Wednesday, October 10, 2012

Waylon Jennings' Widow Talks 'Last Recordings' & Movie Progress

By Chuck Dauphin
Billboard
September 28, 2012


Ask Jessi Colter about the first time she ever saw Waylon Jennings, and she remembers well. "I had gone in the studio to put down a song. I was married to Duane Eddy at the time. I had some songs done by Chet Atkins at RCA, and Duane said 'Why don't do a demo for Waylon?'  We did a song together called 'Living Proof' that never came out. I thought he was a nice man," she recalls.

In his 1996 autobiography, Jennings remembers as Colter was leaving the studio, she turned around and looked at him, "I did look back, but it wasn't anything seductive or anything like that," she says adding that "We didn't see each other again for about two years. He had divorced and I was divorcing. That's when things started." The two married in October 1969, and enjoyed one of the strongest marriages in country music history until Jennings' death in February 2002.

Colter was in Nashville recently to talk about "Goin' Down Rockin - Waylon Jennings: The Last Recordings," released this week on Saguaro Road. Recorded in 1999, she says that the recordings were made at a time when Jennings' restless spirit overtook him. "I remember the night," she told Billboard. "He hadn't been feeling well, and the doctor ordered him to stop touring for a short time. He drove down to (band member) Robby Turner's and said 'I'm going to put a few things down.' That's all I knew about it. I didn't have a list of what he cut. It was a surprise when Robby showed me the mixes of what was in there. He pulled out a couple of the tracks for the tribute albums that we have [released] and they sounded great. I don't know if it was a period where he was unsure of what he was going to do next, but it was very special. He was feeling something that night. Robby asked Waylon if he just wanted to put down demos or leave the tracks open. He said, let's put it to 24-track, so it can be finished."
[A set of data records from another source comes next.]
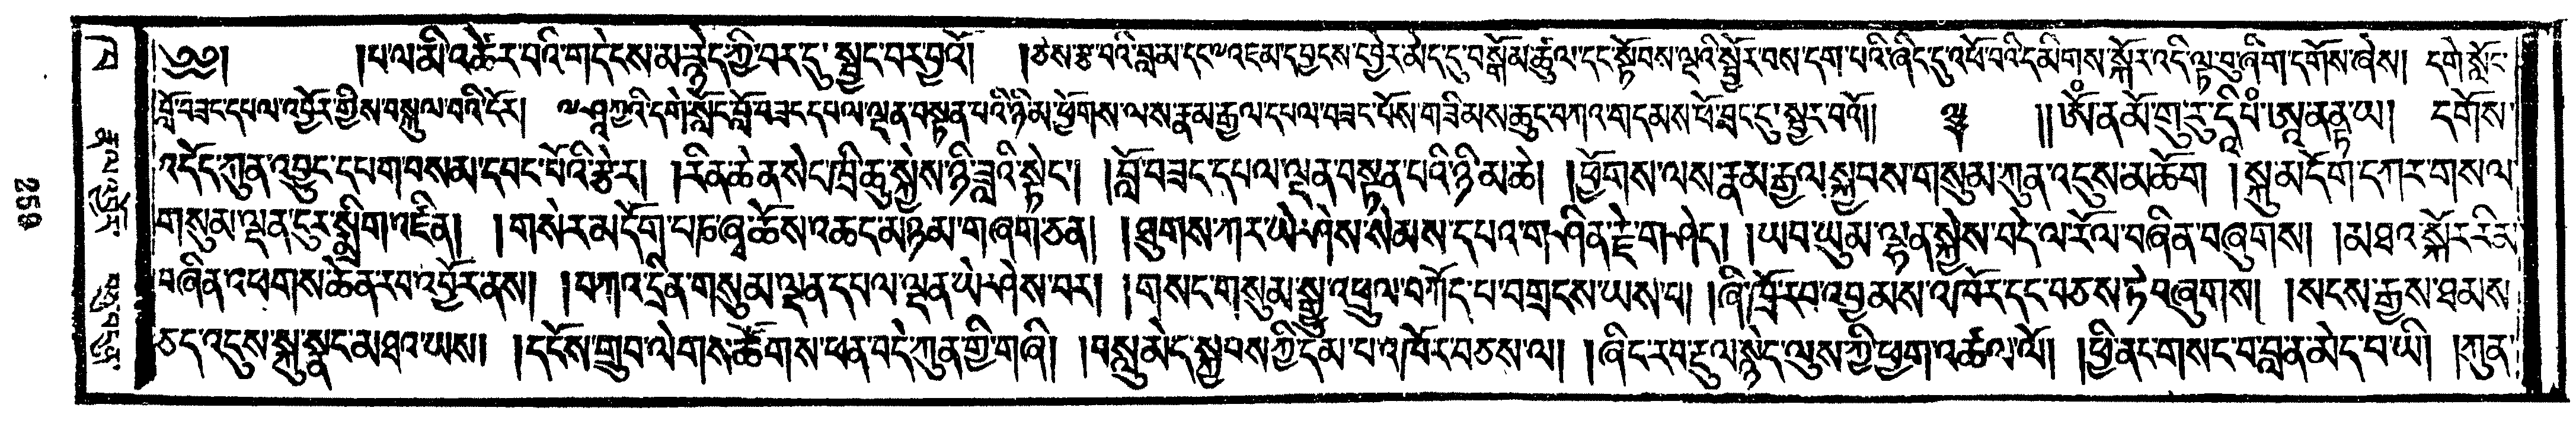༄༅། །པ་ལ་མི་འཚེར་བའི་གདེངས་མ་རྙེད་ཀྱི་བར་དུ་སྦྱང་བར་བྱའོ། །ཅེས་རྩ་བའི་བླ་མ་དང་༧་འཇམ་དབྱངས་དབྱེར་མེད་དུ་བསྒོམ་ཚུལ་དང་སྟོབས་ལྔའི་སྦྱོར་བས་དག་པའི་ཞིང་དུ་འཕོ་བའི་དམིགས་སྐོར་འདི་ལྟ་བུ་ཞིག་དགོས་ཞེས། དགེ་སློང་
བློ་བཟང་དཔལ་འབྱོར་གྱིས་བསྐུལ་བའི་ངོར། ༧་ཤཱཀྱའི་དགེ་སློང་བློ་བཟང་དཔལ་ལྡན་བསྟན་པའི་ཉི་མ་ཕྱོགས་ལས་རྣམ་རྒྱལ་དཔལ་བཟང་པོས་གཟིམས་ཆུང་བཀའ་གདམས་ཕོ་བྲང་དུ་སྦྱར་བའོ།། ༈ །།ཨོཾ་ན་མོ་གུ་རུ་དཱི་པཾ་ཨཱ་ནནྟ་ཡ། དགོས་
འདོད་ཀུན་འབྱུང་དཔག་བསམ་དབང་པོའི་རྩེར། །རིན་ཆེན་སེང་ཁྲི་ཆུ་སྐྱེས་ཉི་ཟླའི་སྟེང་། །བློ་བཟང་དཔལ་ལྡན་བསྟན་པའི་ཉི་མ་ཆེ། །ཕྱོགས་ལས་རྣམ་རྒྱལ་སྐྱབས་གསུམ་ཀུན་འདུས་མཆོག །སྐུ་མདོག་དཀར་གསལ་
གསུམ་ལྡན་དུར་སྨྲིག་འཛིན། །གསེར་མདོག་པཎ་ཞྭ་ཆོས་འཆད་མཉམ་གཞག་ཅན། །ཐུགས་ཀར་ཡེ་ཤེས་སེམས་དཔའ་གཤིན་རྗེ་གཤེད། །ཡབ་ཡུམ་ལྷན་སྐྱེས་བདེ་ལ་རོལ་བཞིན་བཞུགས། །མཐའ་སྐོར་རིམ་
བཞིན་འཕགས་ཆེན་རབ་འབྱོར་ནས། །བཀའ་དྲིན་གསུམ་ལྡན་དཔལ་ལྡན་ཡེ་ཤེས་བར། །གསང་གསུམ་སྒྱུ་འཕྲུལ་བཀོད་པ་བགྲངས་ཡས་པ། །ཞི་ཁྲོ་རབ་འབྱམས་འཁོར་དང་བཅས་ཏེ་བཞུགས། །སངས་རྒྱས་ཐམས་
ཅད་འདུས་སྐུ་སྣང་མཐའ་ཡས། །དངོས་གྲུབ་ལེགས་ཚོགས་ཕན་བདེ་ཀུན་གྱི་གཞི། །བསླུ་མེད་སྐྱབས་ཀྱི་དམ་པ་འཁོར་བཅས་ལ། །ཞིང་རབ་རྡུལ་སྙེད་ལུས་ཀྱི་ཕྱག་འཚལ་ལོ། །ཕྱི་ནང་གསང་བ་བླ་ན་མེད་པ་ཡི། །ཀུན་
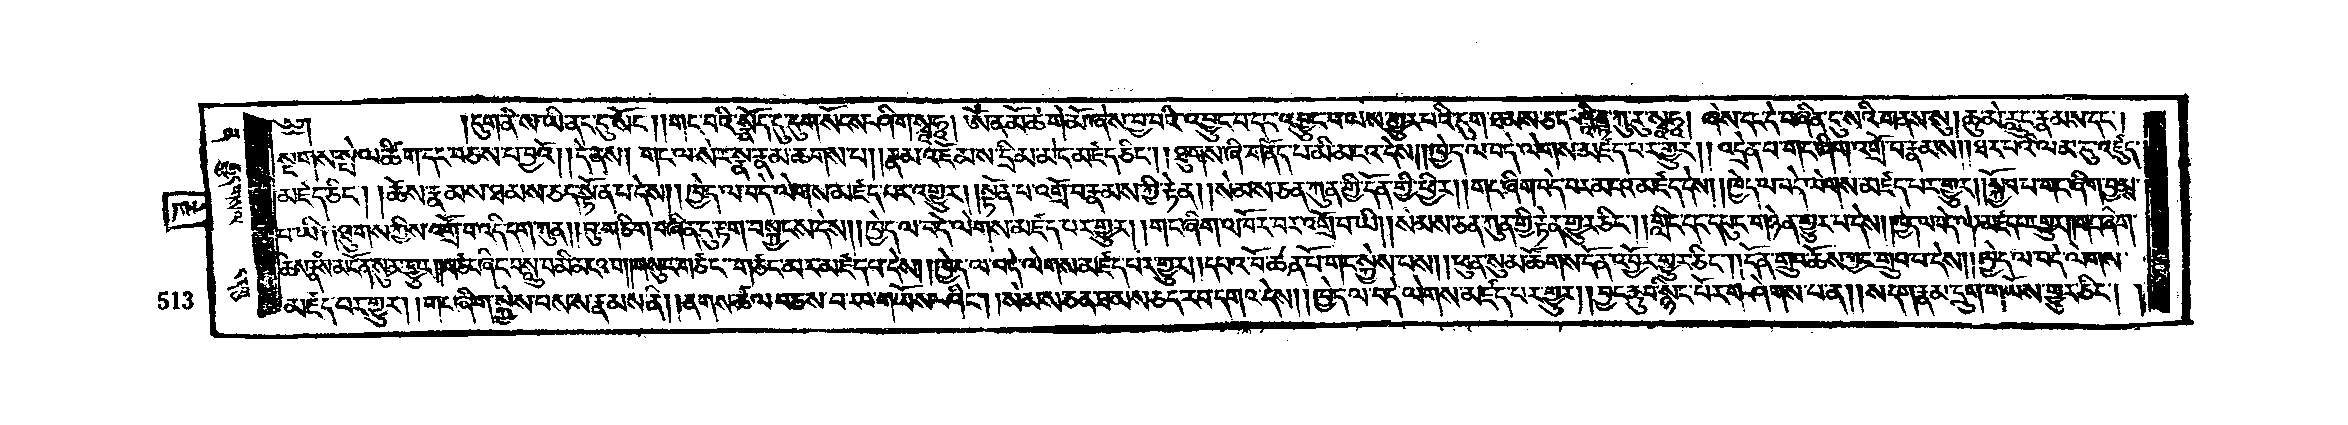༄༅། །དུག་ནི་ས་ཡི་ནང་དུ་སོང་། །གང་བའི་སྣོད་དུ་དུག་སོངས་ཤིག་སྭཱ་ཧཱ། ཨོཾ་ན་མོ་ཆེ་གེ་མོ་ཞེས་བྱ་བའི་འབྱུང་བ་དང་འབྱུང་བ་ལས་གྱུར་པའི་དུག་ཐམས་ཅད་ལཱ་?་མྟ་?་ཀུ་རུ་སྭཱ་ཧཱ། ཞེས་དང་དེ་བཞིན་དུ་སའི་གནས་སུ། ཆུ་མེ་རླུང་རྣམས་དང་།
སྔགས་སྤེལ་ཚིག་དང་བཅས་པ་བྱའོ། །དེ་ནས། གང་ལ་སེར་སྣ་རྣམ་ཆགས་པ། །རྣམ་འཇོམས་དྲི་མ་མེད་མཛད་ཅིང་། །ཐུགས་ཞི་གནོད་པ་མི་མངའ་དེས། །ཁྱེད་ལ་བདེ་ལེགས་མཛད་པར་གྱུར། །འདྲེན་པ་གང་ཞིག་འགྲོ་བ་རྣམས། །ཐར་པའི་ལམ་དུ་འཛུད་
མཛད་ཅིང་། །ཆོས་རྣམས་ཐམས་ཅད་སྟོན་པ་དེས། །ཁྱེད་ལ་བདེ་ལེགས་མཛད་པར་འགྱུར། །སྟོན་པ་འགྲོ་བ་རྣམས་ཀྱི་རྟེན། །སེམས་ཅན་ཀུན་གྱི་དོན་གྱི་ཕྱིར། །གང་ཞིག་བདེ་བར་མངའ་མཛད་དེས། །ཁྱེད་ལ་བདེ་ལེགས་མཛད་པར་གྱུར། །སྐྱོབ་པ་གང་ཞིག་བྱམས་
པ་ཡི། །ཐུགས་ཀྱིས་འགྲོ་བ་འདི་དག་ཀུན། །བུ་གཅིག་བཞིན་དུ་རྟག་བསྐྱངས་དེས། །ཁྱེད་ལ་བདེ་ལེགས་མཛད་པར་གྱུར། །གང་ཞིག་འཁོར་བར་འགྲོ་བ་ཡི། །སེམས་ཅན་ཀུན་གྱི་རྟེན་གྱུར་ཅིང་། །གླིང་དང་དཔུང་གཉེན་གྱུར་པ་དེས། །ཁྱེད་ལ་བདེ་ལེགས་མཛད་པར་གྱུར། །གང་ཞིག་
ཆོས་རྣམས་མངོན་སུམ་གྱུར། །གཙང་ཞིང་བསླུ་བ་མི་མངའ་བ། །གསུང་གཙང་གཙང་མར་མཛད་པ་དེས། །ཁྱེད་ལ་བདེ་ལེགས་མཛད་པར་གྱུར། །དཔའ་བོ་ཆེན་པོ་གང་སྐྱེས་པས། །ཕུན་སུམ་ཚོགས་དོན་འབྱོར་གྱུར་ཅིང་། །དོན་གྲུབ་ཆོས་ཀྱང་གྲུབ་པ་དེས། །ཁྱེད་ལ་བདེ་ལེགས་
མཛད་པར་གྱུར། །གང་ཞིག་སྐྱེས་པས་ས་རྣམས་ནི། །ནགས་ཚལ་བཅས་པ་རབ་གཡོས་ཤིང་། །སེམས་ཅན་ཐམས་ཅད་རབ་དགའ་དེས། །ཁྱེད་ལ་བདེ་ལེགས་མཛད་པར་གྱུར། །བྱང་ཆུབ་སྙིང་པོར་གཤེགས་པ་ན། །ས་དག་རྣམ་དྲུག་གཡོས་གྱུར་ཅིང་། །
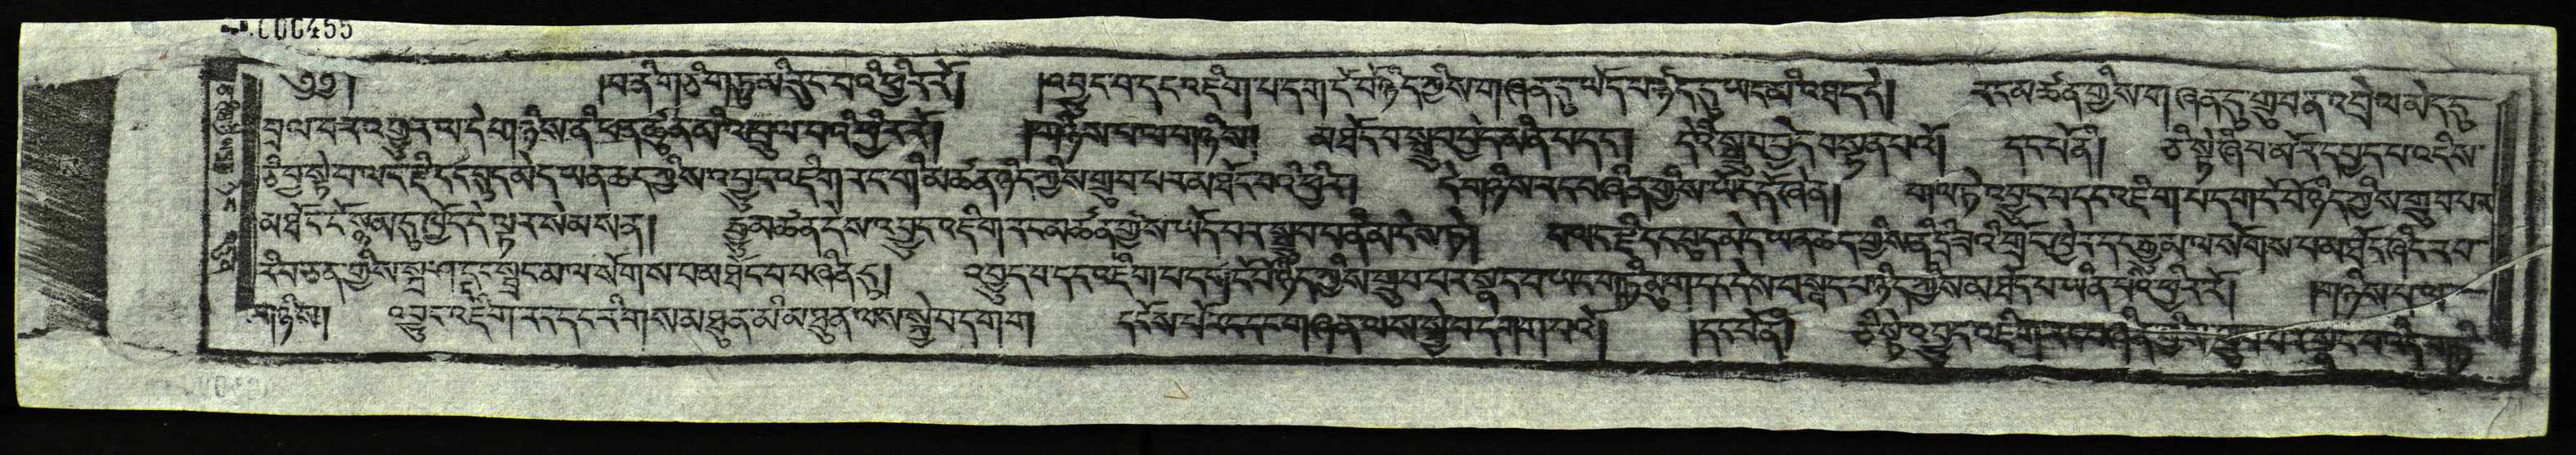༄༅། །པ་ནི་གཅིག་ཏུ་མི་རུང་བའི་ཕྱིར་རོ། །འབྱུང་བ་དང་འཇིག་པ་དག་ངོ་བོ་ཉིད་ཀྱིས་གཞན་དུ་ཡོད་པ་ཉིད་དུ་ཡང་མི་འཐད་དེ། རང་མཚན་གྱིས་གཞན་དུ་གྲུབ་ན་འབྲེལ་མེད་དུ་
བྲལ་བར་འགྱུར་ལ་དེ་གཉིས་ནི་ཕན་ཚུན་མི་འཁྲུལ་བའི་ཕྱིར་རོ། །གཉིས་པ་ལ་གཉིས། མཐོང་བ་སྒྲུབ་བྱེད་མིན་པ་དང་། དེའི་སྒྲུབ་བྱེད་བསྟན་པའོ། དང་པོ་ནི། ཅི་སྟེ་ཞིབ་མོར་དཔྱད་པ་འདིས་
ཅི་བྱ་སྟེ་བ་ལང་རྫི་དང་བུད་མེད་ཡན་ཆད་ཀྱིས་འབྱུང་འཇིག་རང་གི་མཚན་ཉིད་ཀྱིས་གྲུབ་པར་མཐོང་བའི་ཕྱིར། དེ་གཉིས་རང་བཞིན་གྱིས་ཡོད་དོ་ཞེ་ན། གལ་ཏེ་འབྱུང་བ་དང་འཇིག་པ་དག་ངོ་བོ་ཉིད་ཀྱིས་གྲུབ་པར་
མཐོང་ངོ་སྙམ་དུ་ཁྱོད་དེ་ལྟར་སེམས་ན། རྒྱུ་མཚན་དེས་འབྱུང་འཇིག་རང་མཚན་གྱིས་ཡོད་པར་སྒྲུབ་པ་ནི་མ་ངེས་ཏེ། བ་ལང་རྫི་དང་བུད་མེད་ཡན་ཆད་གྱིས་ནི་དྲི་ཟའི་གྲོང་ཁྱེར་དང་རྒྱུ་མ་ལ་སོགས་པ་མཐོང་ཞིང་རབ་
རིབ་ཅན་གྱིས་སྒྲ་ཤ་དང་སྦྲང་མ་ལ་སོགས་པ་མཐོང་བ་བཞིན་དུ། འབྱུང་བ་དང་འཇིག་པ་དག་ངོ་བོ་ཉིད་ཀྱིས་གྲུབ་པར་སྣང་བ་ཡང་གཏི་མུག་དང་དེས་བ་སྤང་བ་ཉིད་ཀྱིས་མཐོང་བ་ཡིན་པའི་ཕྱིར་རོ། །གཉིས་པ་ལ་
གཉིས། འབྱུང་འཇིག་རང་དང་རིགས་མཐུན་མི་མཐུན་ལས་སྐྱེ་བ་དགག། དངོས་པོ་རང་དང་གཞན་ལས་སྐྱེ་བ་དགག་པའོ། །དང་པོ་ནི། ཅི་སྟེ་འབྱུང་འཇིག་རང་བཞིན་གྱིས་གྲུབ་པར་སྣང་བ་འདི་གཏི་

The album is a very eclectic mixture of sounds - almost as diverse as the crowd that followed him, Colter says. "'Wrong Road To Nashville' is so cajun, and 'I Do Believe' is such a heartfelt and expressive view of his relationship with God. Waylon had that thing in him that was so believable when he was explaining how he felt. It was like he had a gear that was tuned to people. His crowds were a mix. There were doctors, lawyers and hoodlums and hippies, a lot of different people at his shows."

Jennings himself was a mixture, Colter allows. Though some perceived him as an "Outlaw," most who knew him well said he was quite the opposite. "He was very warm. Even though he was very strong in his principles, he had a great sense of humor. He didn't want to get serious except with his work or playing cards. He had a working man mentality.  He was working in the fields picking cotton at age ten. He loved talking to the working people, and he never thought himself above it. He was the same at the Ritz Hotel in Paris as he was at the Holiday Inn. He always wanted people to feel comfortable."

Colter also discussed the ways that she and son Shooter are trying to keep Jennings' memory alive. "Shooter is setting up the new website, which features some beautiful merchandise. He's also co-producing a movie. Everything isn't lined up just yet, but it's in the works. We have a lot of things coming up. Waylon was a dark horse and a mystery. There's a lot people didn't know about him, and we're looking forward to sharing him with the world in every way we know possible."